** Extracted data entries **
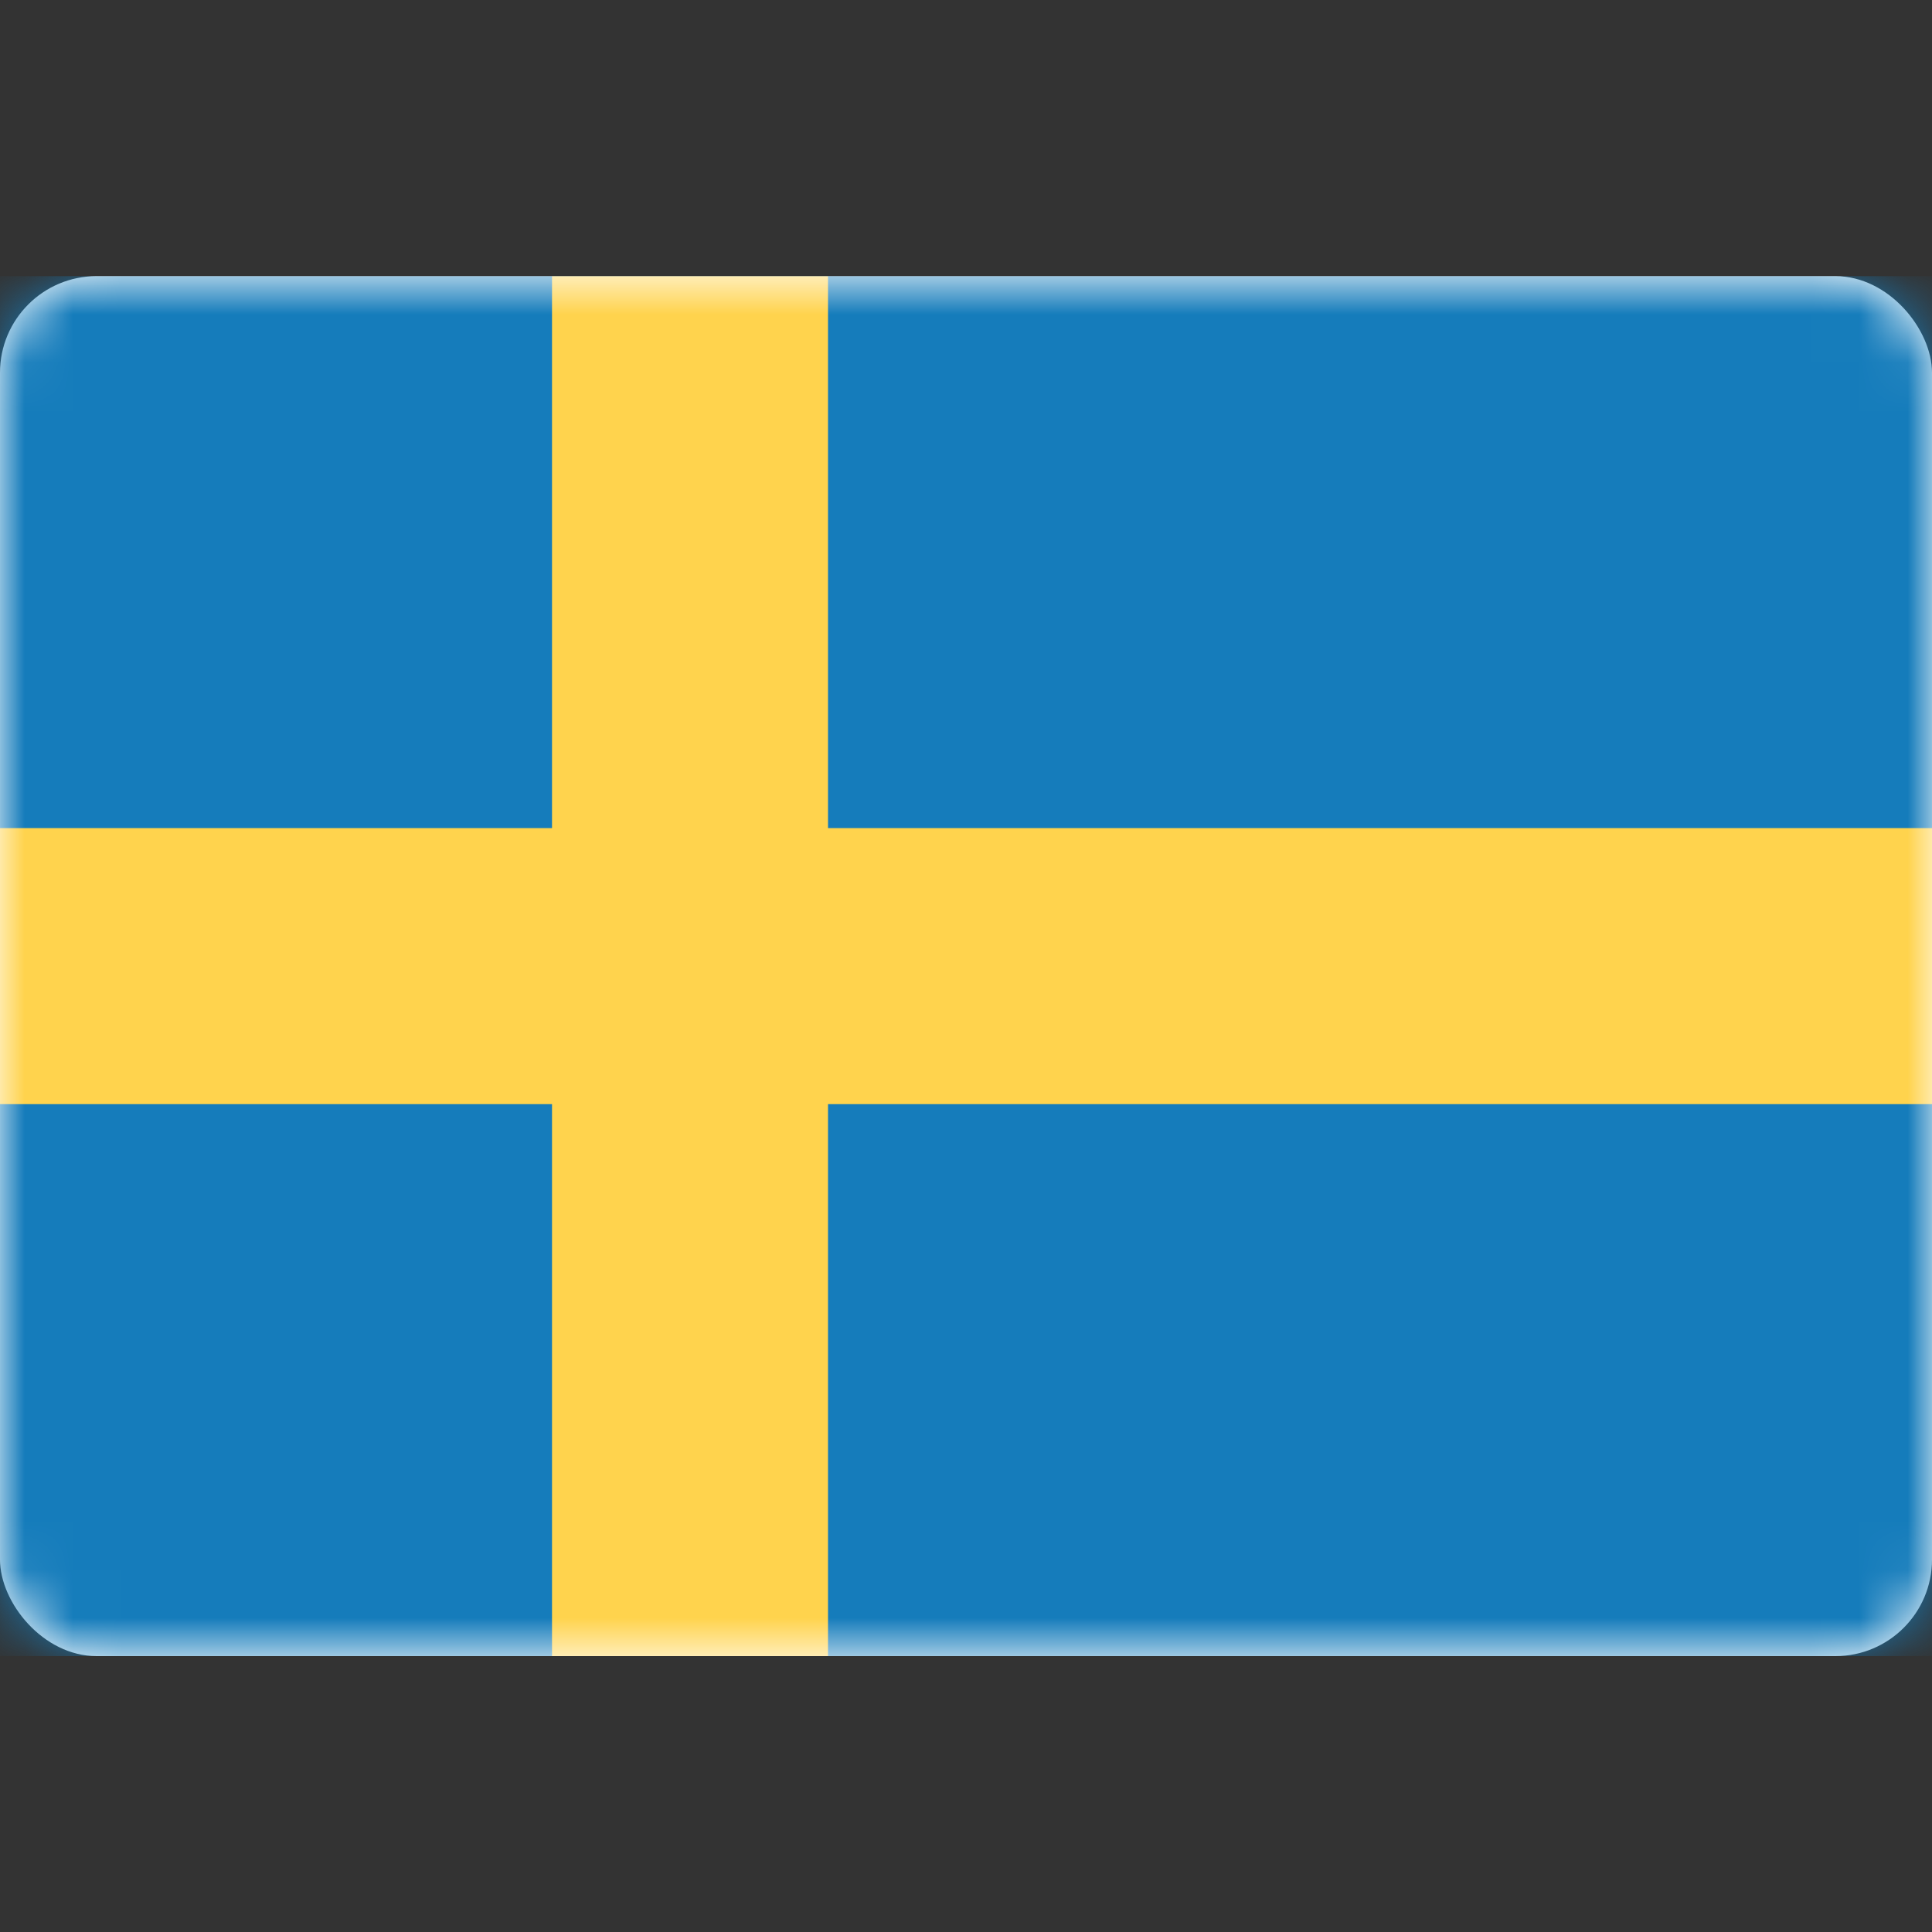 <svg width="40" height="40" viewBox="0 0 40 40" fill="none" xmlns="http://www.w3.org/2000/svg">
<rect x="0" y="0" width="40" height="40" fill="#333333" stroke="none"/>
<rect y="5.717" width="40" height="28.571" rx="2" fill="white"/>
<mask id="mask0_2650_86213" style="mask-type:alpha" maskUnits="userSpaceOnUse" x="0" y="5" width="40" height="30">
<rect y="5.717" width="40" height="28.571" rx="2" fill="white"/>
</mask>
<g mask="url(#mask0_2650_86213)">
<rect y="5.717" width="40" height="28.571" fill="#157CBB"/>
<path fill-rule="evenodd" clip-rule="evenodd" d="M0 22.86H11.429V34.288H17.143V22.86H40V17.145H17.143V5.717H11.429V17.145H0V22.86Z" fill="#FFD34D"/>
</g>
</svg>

** HOW TO COMPLETE THIS TASK **
Write out the data once more exactly, omitting the pictures.

** EXERCISE RESULT **
 <svg width="40" height="40" viewBox="0 0 40 40" fill="none" xmlns="http://www.w3.org/2000/svg">
<rect x="0" y="0" width="40" height="40" fill="#333333" stroke="none"/>
<rect y="5.717" width="40" height="28.571" rx="2" fill="white"/>
<mask id="mask0_2650_86213" style="mask-type:alpha" maskUnits="userSpaceOnUse" x="0" y="5" width="40" height="30">
<rect y="5.717" width="40" height="28.571" rx="2" fill="white"/>
</mask>
<g mask="url(#mask0_2650_86213)">
<rect y="5.717" width="40" height="28.571" fill="#157CBB"/>
<path fill-rule="evenodd" clip-rule="evenodd" d="M0 22.86H11.429V34.288H17.143V22.86H40V17.145H17.143V5.717H11.429V17.145H0V22.86Z" fill="#FFD34D"/>
</g>
</svg>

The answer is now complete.